Version 1.7 introduces support for other compression types as added by Apple in OS X 10.9 and later. Currently only LZVN support is fully implemented (though decompression of LZFSE should work if the OS supports it). Note that LZVN support requires a headerfile not currently installed by the original author's LZVN repo; use my fork instead and build it with cmake. --> https://github.com/RJVB/LZVN This version also makes the current ZLIB compression mode optional, that uses a compression buffer that is allocated all at once (and is thus almost always too large.

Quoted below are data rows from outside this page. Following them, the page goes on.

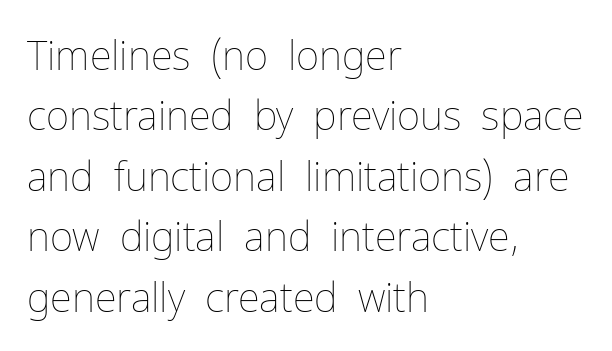
The image shows 40 px thin type, upright; set left-aligned, normal line spacing (1.51x), normal letter spacing, not underlined; low stroke contrast and a medium x-height.
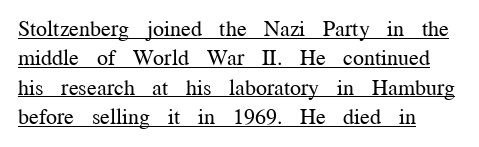
{"italic": "no", "bold": "no", "underline": "yes", "align": "left", "line_spacing": "normal", "line_spacing_ratio": 1.33, "letter_spacing": "normal", "letter_spacing_em": 0.0, "glyph_px": 22}
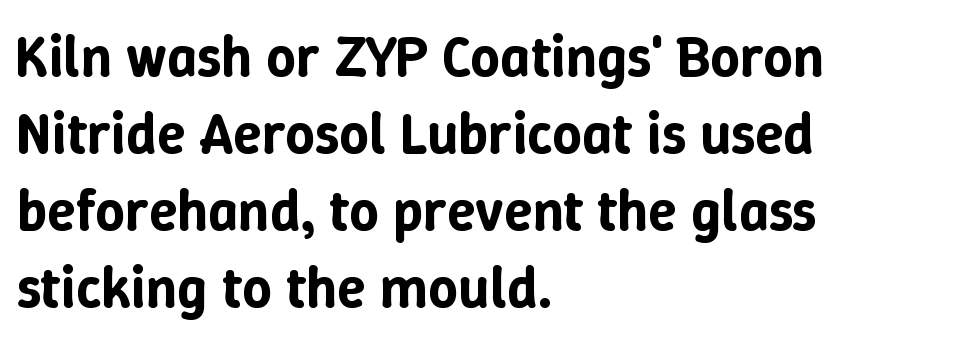
Which margin do the lines hug? The left one — the right edge is uneven. Posture: upright roman. The passage shown is not underscored anywhere. Rows of type keep a routine distance in the vertical direction. The face used here is proportionally spaced, like ordinary book or web type. Tracking value appears to be zero — textbook default spacing.
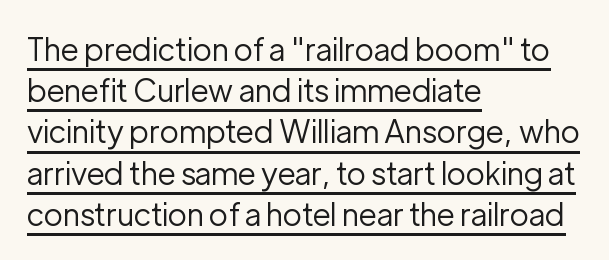
Q: Is the text bold? A: No.
Q: Is the text italic (slanted)? A: No, it is upright.
Q: Is the typeface a serif or a sans-serif typeface? A: Sans-serif.
Q: Is the text underlined? A: Yes.
Q: How is the paragraph aligned? A: Left-aligned.
Q: Is the spacing between letters normal or unusually wide? A: Normal.
Q: Is the spacing between lines tight, normal or loose? A: Normal.
Q: Width (condensed, normal, or wide)? A: Normal.
Q: Stroke contrast? A: Low.
Q: x-height? A: Medium.
Q: Monospaced? A: No.

The new default mode adopts the approach also used for LZVN compression, where the memory buffer is grown as needed and thus only gets as large as needed (typically 4-5x smaller than in the singleshot mode). Singleshot mode might be marginally faster when enough RAM is available.
afsctool depends on zlib (v1.2.8 or newer) and Google's sparsehash library and on CMake and pkgconfig for building. The OS zlib copy may be recent enough (it is on 10.12 and later) but to be certain to obtain the latest versions of both, use a package manager like MacPorts, Fink or HomeBrew. Be sure to follow the general installation and usage instructions for those projects, in particular how to update your PATH.
port install sparsehash zlib cmake pkgconfig
brew install google-sparsehash zlib cmake pkgconfig PKG_CONFIG_PATH=/usr/local/opt/zlib/lib/pkgconfig
(Setting PKG_CONFIG_PATH is only required with HomeBrew.)
With the dependencies installed you can now build afsctool. In a directory of your choice:
git clone git://github.com/RJVB/afsctool mkdir afsctool/build cd afsctool/build cmake -Wno-dev .. make
This will leave the afsctool executable in
afsctool/build; you can move it anywhere
you like from there. You can also do an "official" install, to /usr/local/bin by
cd afsctool/build sudo make install/fast V=1 VERBOSE=1
A word about the other executable (zfsctool)
This repository also builds another utility,
This is a stripped-down and adapted version of
afsctool, aiming to provide a comparable
offline/post-hoc recompression of selected files and folders on ZFS as
on HFS+ and APFS.
ZFS is organised in
datasets (roughly comparable to partitions), and offers true transparent
in-filesystem compression. Because of this, one typically uses a reasonably efficient but fast
compressor (like lz4). Compression is set at the dataset level, but files are compressed with
the codec in used when they were written (and that means they can contain chunks compressed with
different compressors). Afsctool-like recompression can thus be obtained by changing the dataset
compression property, rewriting all files of interest, and resetting the compression property.
Contrary to HFS this will also affect any other files being written during the rewrite but that's
Zfsctool is a work in progress that doesn't yet do anything except for printing out statistics.
There is not currently an API provided by the ZFS libraries which allow getting or setting the
compression property so I use the
zfs driver command and parse its output (striving very hard
to call the command as little as possible; once per dataset during the file collection phase).
As a bonus,
zfsctool only has a runtime dependency on ZFS.